[Start of Attachment]
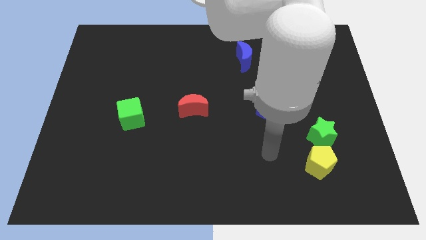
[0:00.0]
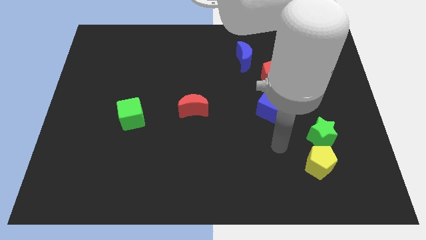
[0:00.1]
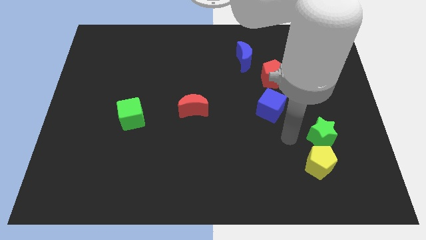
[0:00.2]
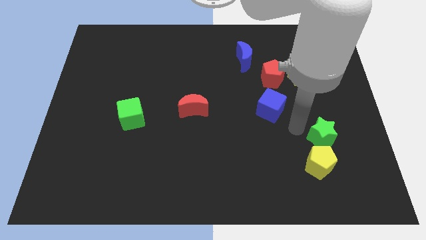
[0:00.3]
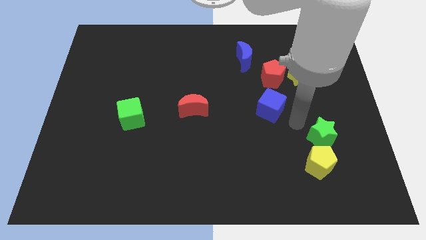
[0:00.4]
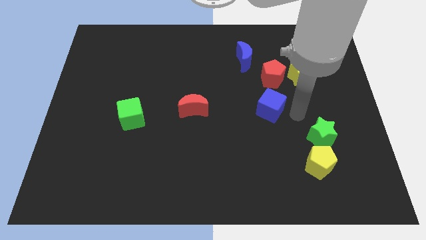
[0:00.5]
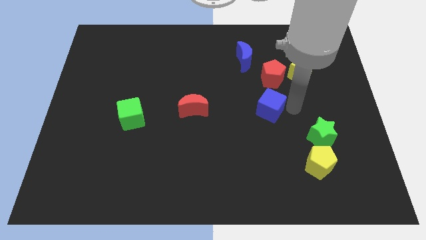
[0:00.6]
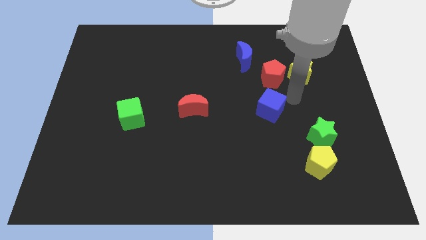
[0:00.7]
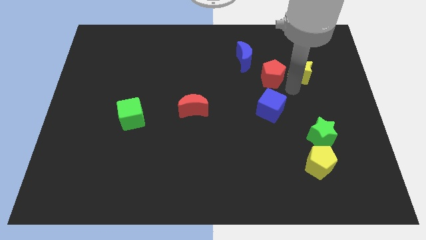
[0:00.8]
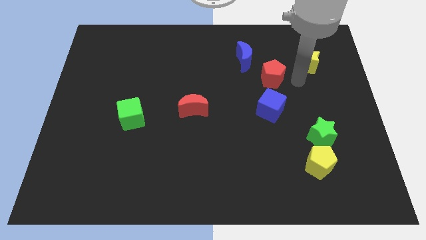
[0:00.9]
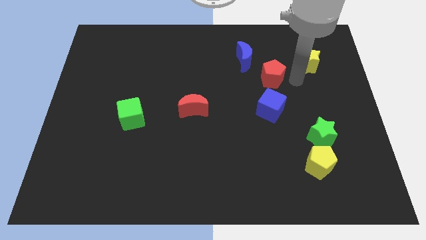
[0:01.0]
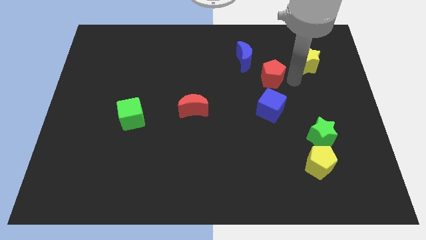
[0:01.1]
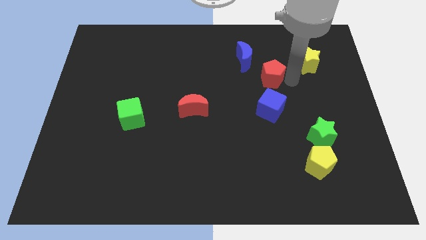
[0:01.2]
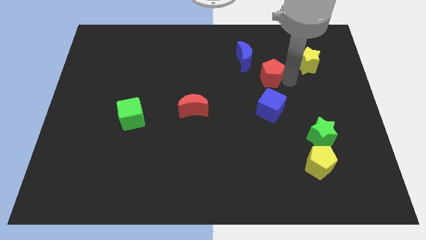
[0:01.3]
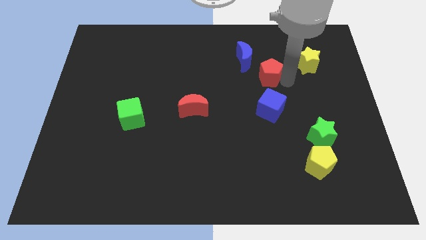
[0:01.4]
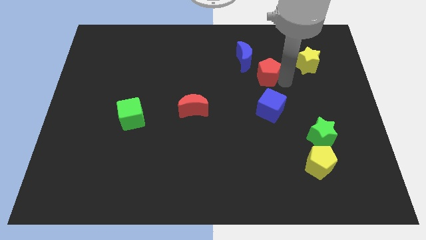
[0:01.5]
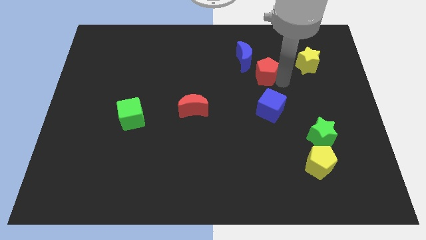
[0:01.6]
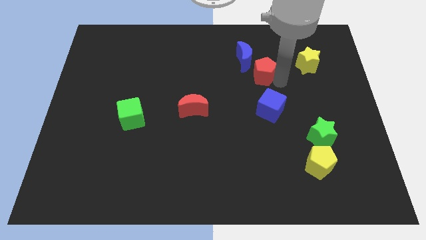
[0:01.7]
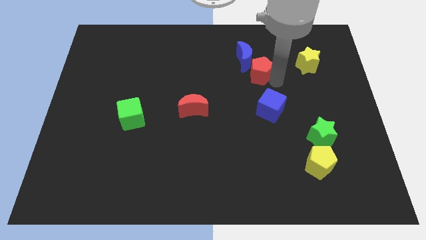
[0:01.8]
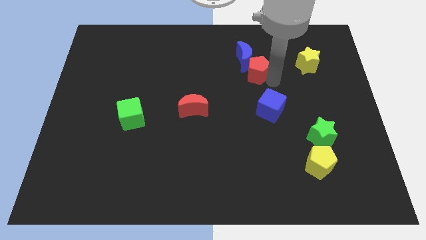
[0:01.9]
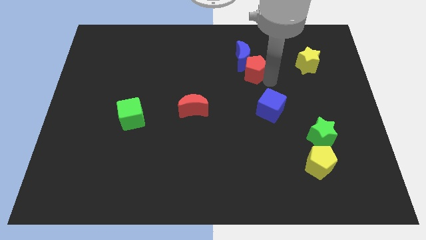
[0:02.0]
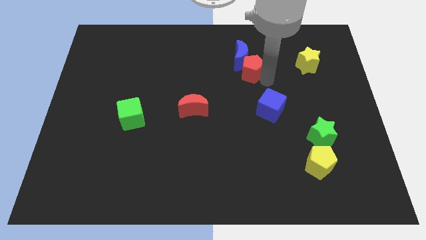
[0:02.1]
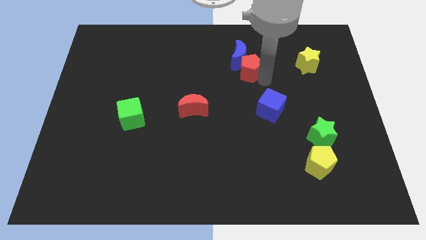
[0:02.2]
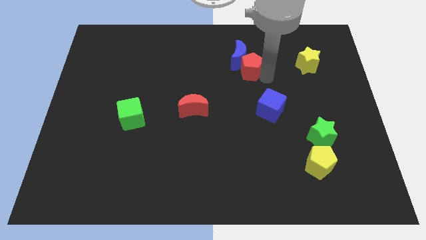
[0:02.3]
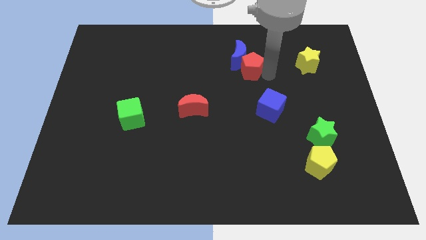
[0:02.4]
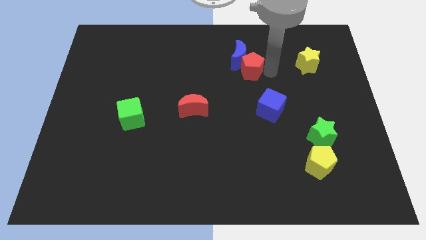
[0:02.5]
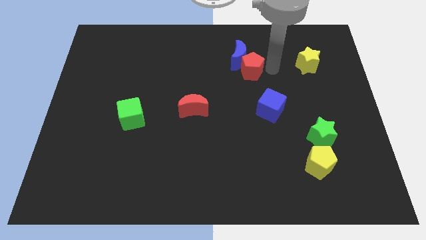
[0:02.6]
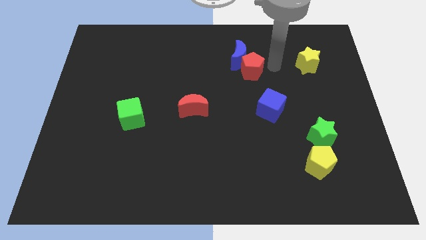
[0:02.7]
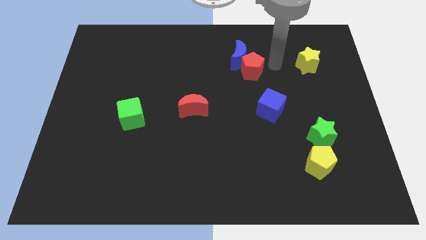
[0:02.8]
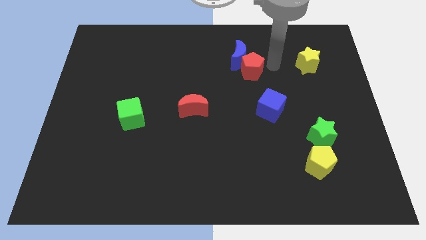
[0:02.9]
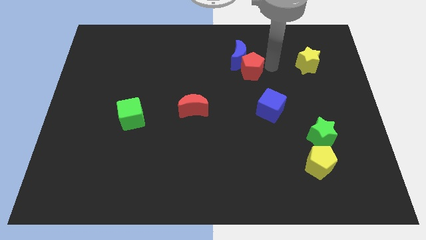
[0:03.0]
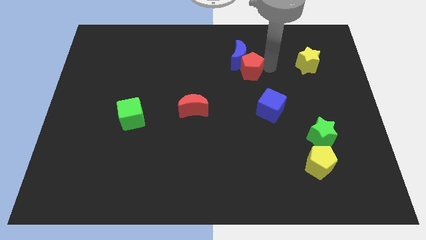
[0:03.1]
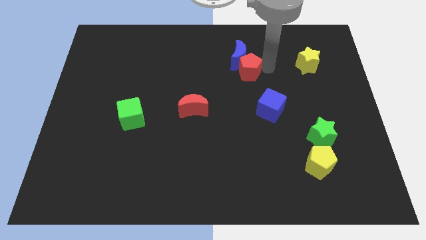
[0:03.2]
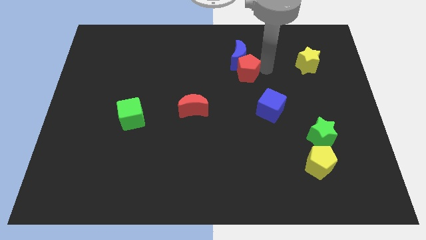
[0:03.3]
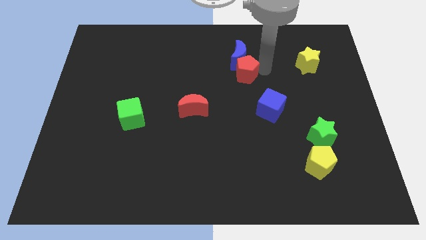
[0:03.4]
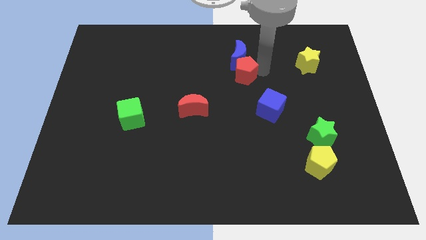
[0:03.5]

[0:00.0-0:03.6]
[End of Attachment]
# [Your objective]
A verbatim copy of every record is required, with all pictures excluded.

# [Output for this exercise]
[0:00.0]
[0:00.1]
[0:00.2]
[0:00.3]
[0:00.4]
[0:00.5]
[0:00.6]
[0:00.7]
[0:00.8]
[0:00.9]
[0:01.0]
[0:01.1]
[0:01.2]
[0:01.3]
[0:01.4]
[0:01.5]
[0:01.6]
[0:01.7]
[0:01.8]
[0:01.9]
[0:02.0]
[0:02.1]
[0:02.2]
[0:02.3]
[0:02.4]
[0:02.5]
[0:02.6]
[0:02.7]
[0:02.8]
[0:02.9]
[0:03.0]
[0:03.1]
[0:03.2]
[0:03.3]
[0:03.4]
[0:03.5]

[0:00.0-0:03.6]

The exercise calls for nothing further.